Abstract
Few studies have addressed the risk of infection in transfusion-naïve thalassemia patients. We aimed to investigate whether transfusion-naïve thalassemia population has higher hospitalization rates for lower airway infection-related diseases than non-thalassemia population in children. A nationwide population-based retrospective cohort study was conducted using detailed medical records of the Taiwan National Health Insurance Research Database. Transfusion-naïve thalassemia patients were compared with a matched cohort at a ratio of 1:4. Data of the selected patients were adjusted for age, sex, and related comorbidities.
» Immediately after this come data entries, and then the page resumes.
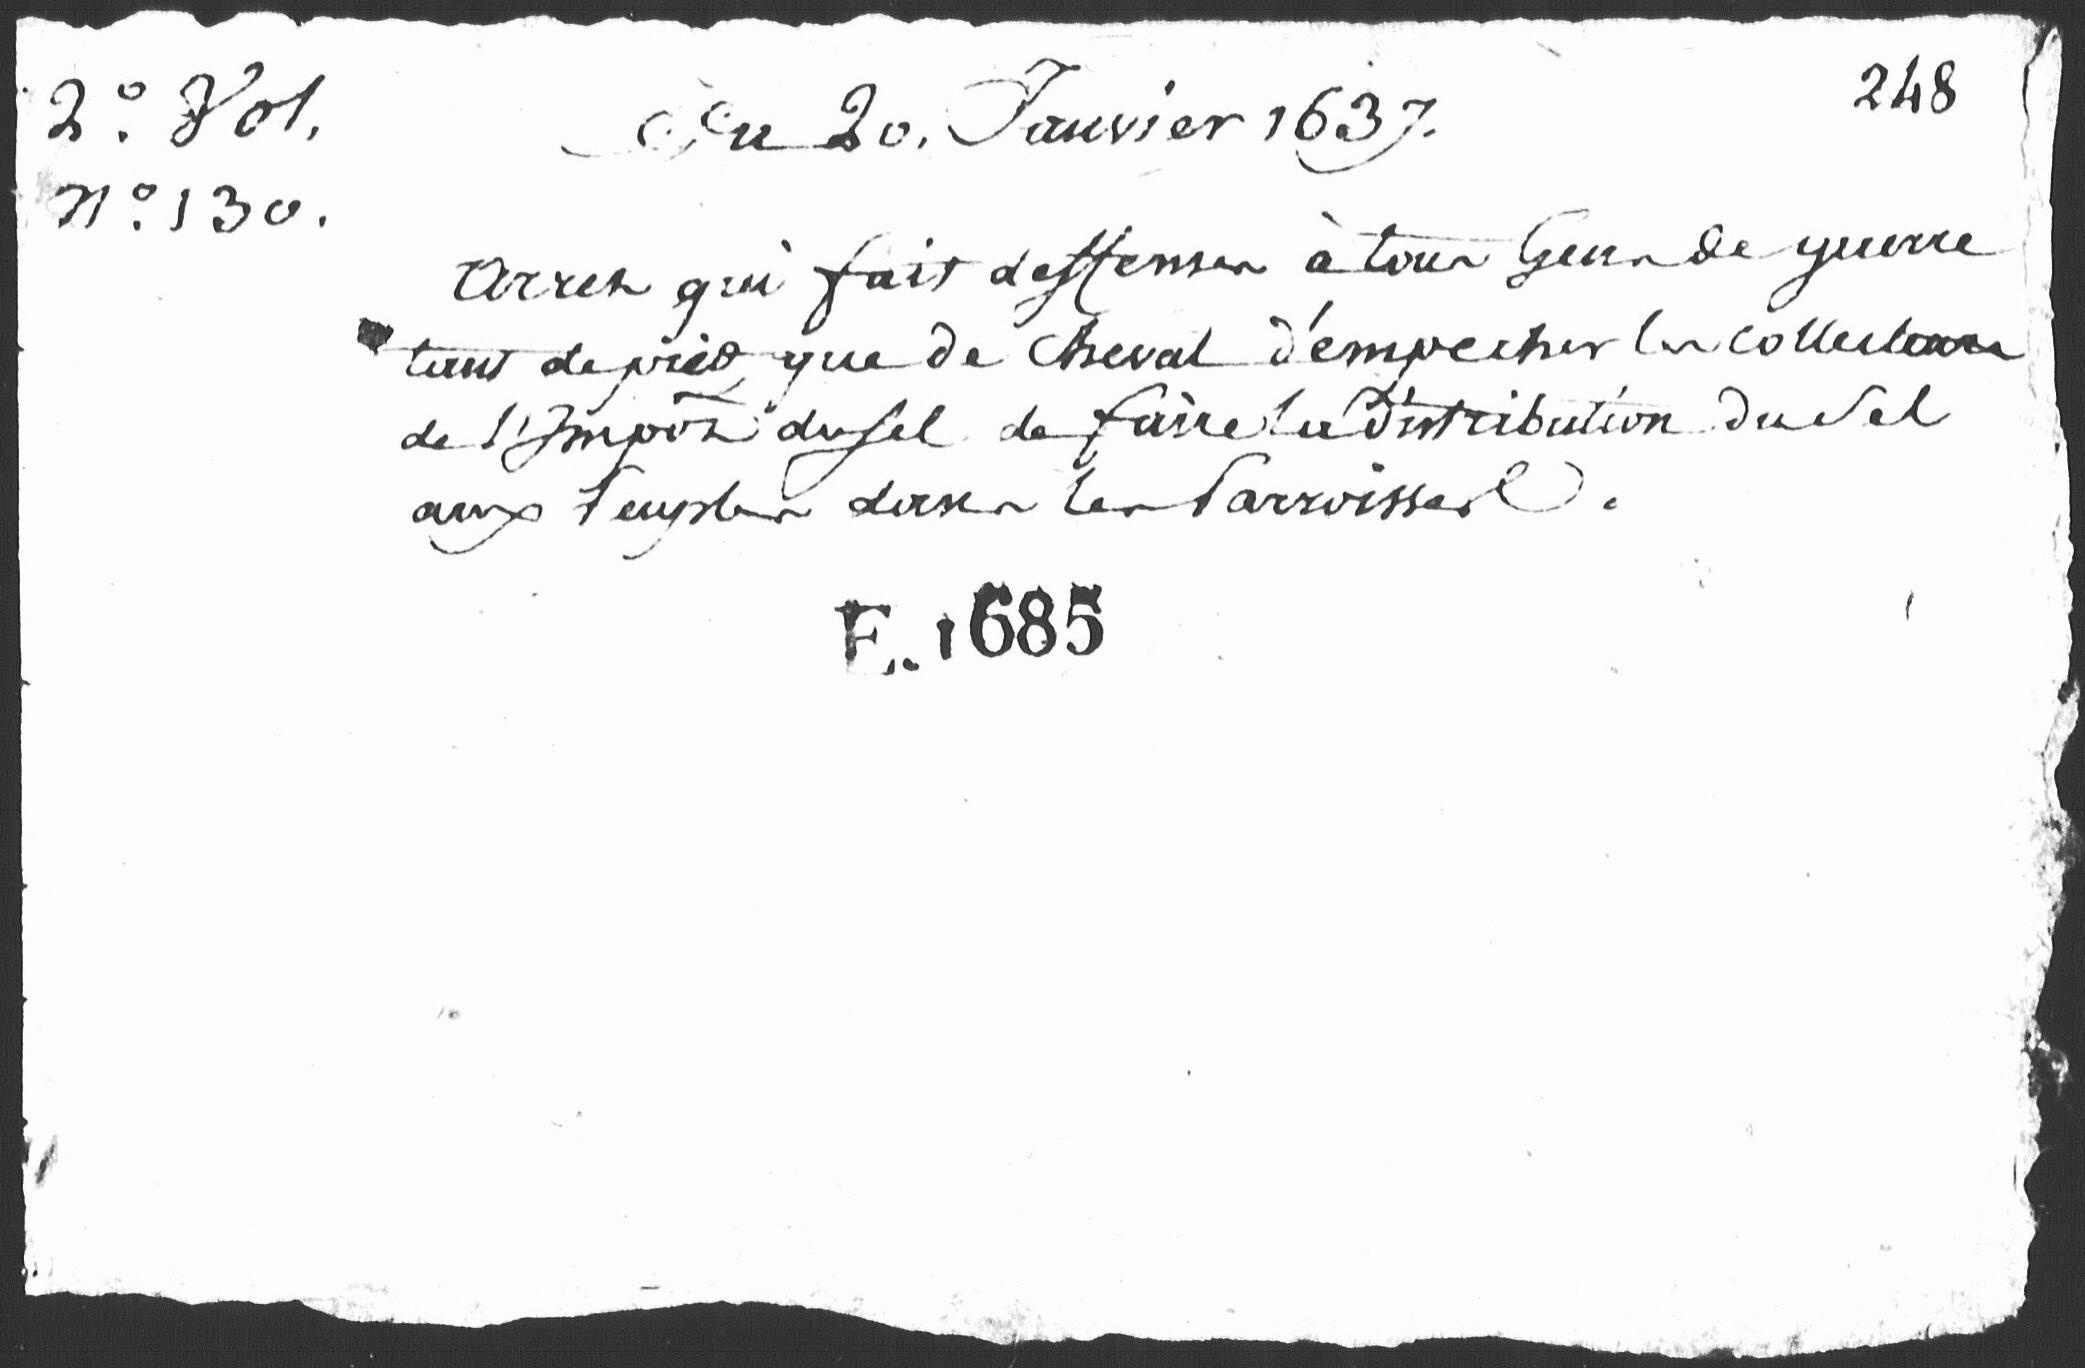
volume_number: n°130
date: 20 janvier 1637
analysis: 248
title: Arret qui fait deffenses à tous gens de guerre tant de pied que de cheval d'empecher les collecteurs de l'impôt du sel de faire la distribution du sel aux peuples dans les parroisses.
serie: E
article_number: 1685
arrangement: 2. vol.

We recorded the frequency of admissions or outpatient clinic visits for patients with a diagnosis of pneumonia or acute bronchitis/bronchiolitis. Based on our results, the hospitalization rates and incidence rate ratios of bronchitis/bronchiolitis and pneumonia for transfusion-naïve thalassemia children were all higher than those for non-thalassemia controls. Therefore, we conclude that transfusion-naïve thalassemia children are more likely to experience lower airway infections and have a higher probability of hospitalization for these conditions.
Highlights
Thalassemia is a common autosomal-recessive hereditary hemoglobinopathy, mainly characterized by a point mutation on globin gene expression [1]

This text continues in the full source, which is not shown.